Data excerpts
*** Block opens ***

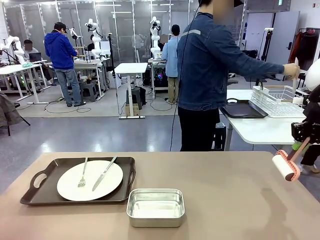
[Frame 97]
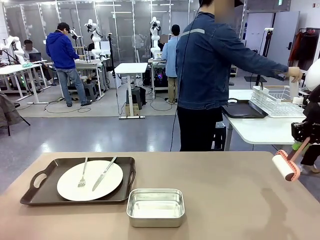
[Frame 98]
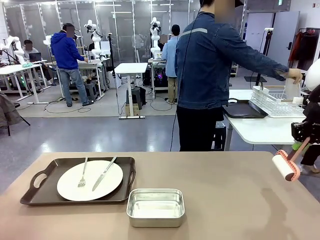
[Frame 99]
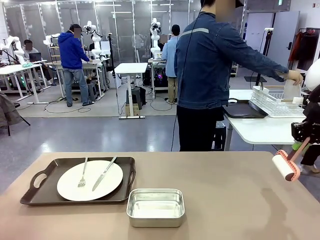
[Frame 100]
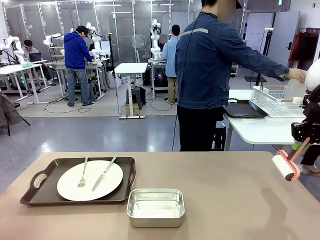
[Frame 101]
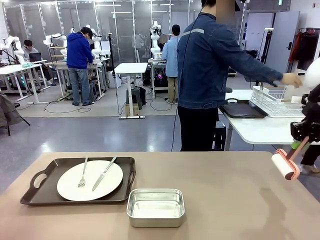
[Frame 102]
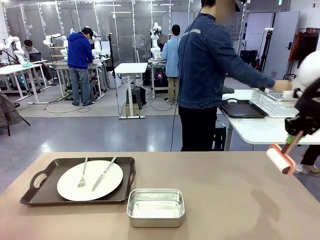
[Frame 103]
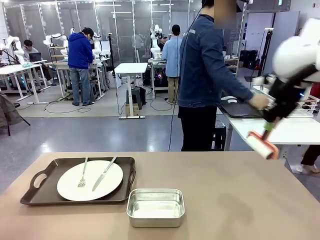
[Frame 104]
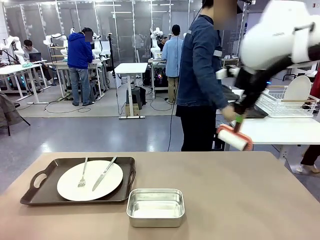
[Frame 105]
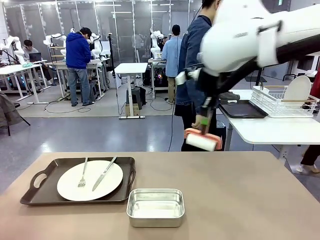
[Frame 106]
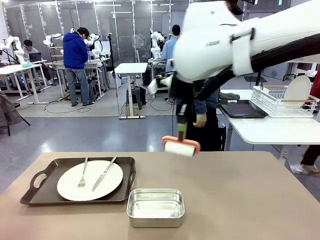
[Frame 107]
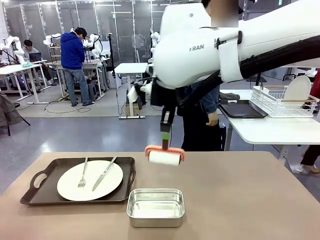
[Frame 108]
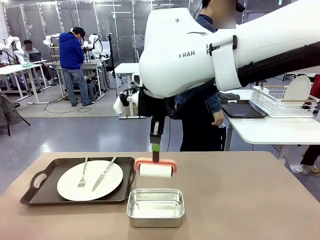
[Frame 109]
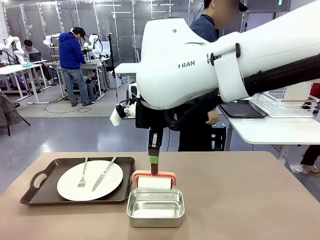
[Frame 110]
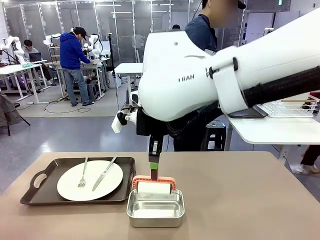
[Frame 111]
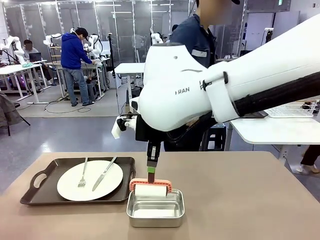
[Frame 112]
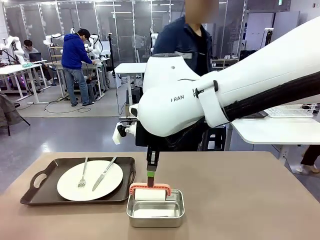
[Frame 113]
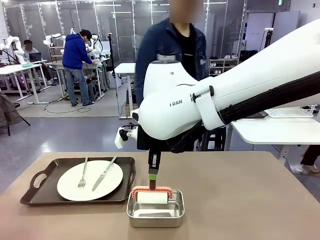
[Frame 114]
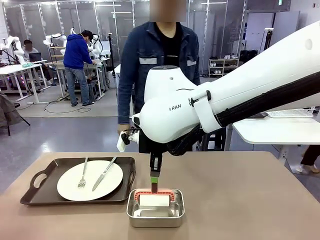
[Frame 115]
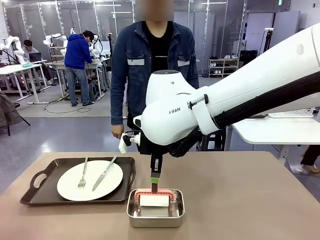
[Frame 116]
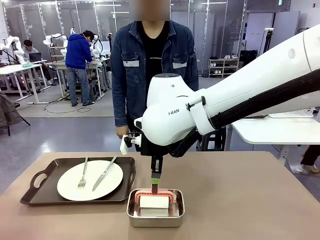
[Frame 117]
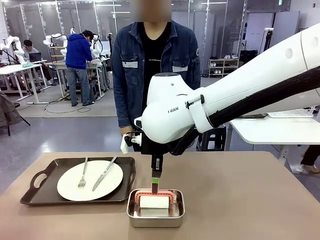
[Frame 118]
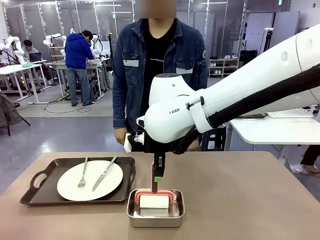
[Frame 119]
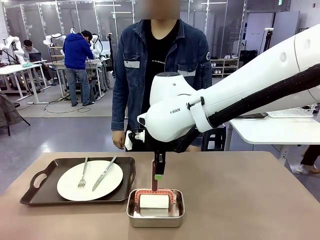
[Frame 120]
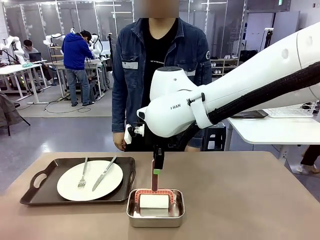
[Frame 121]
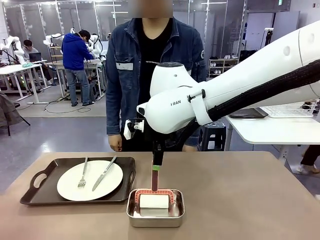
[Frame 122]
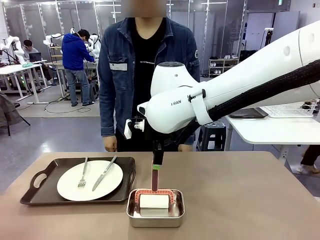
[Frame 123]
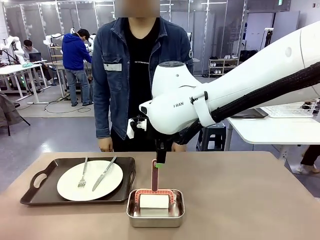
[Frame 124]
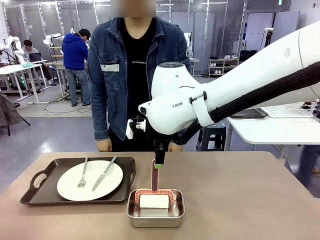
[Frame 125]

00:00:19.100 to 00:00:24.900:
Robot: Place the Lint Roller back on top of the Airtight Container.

*** Block closes ***

* _Work request_
From the first line to the last, return the records exactly and leave the pictures behind.

* _Response box_
[Frame 97]
[Frame 98]
[Frame 99]
[Frame 100]
[Frame 101]
[Frame 102]
[Frame 103]
[Frame 104]
[Frame 105]
[Frame 106]
[Frame 107]
[Frame 108]
[Frame 109]
[Frame 110]
[Frame 111]
[Frame 112]
[Frame 113]
[Frame 114]
[Frame 115]
[Frame 116]
[Frame 117]
[Frame 118]
[Frame 119]
[Frame 120]
[Frame 121]
[Frame 122]
[Frame 123]
[Frame 124]
[Frame 125]

00:00:19.100 to 00:00:24.900:
Robot: Place the Lint Roller back on top of the Airtight Container.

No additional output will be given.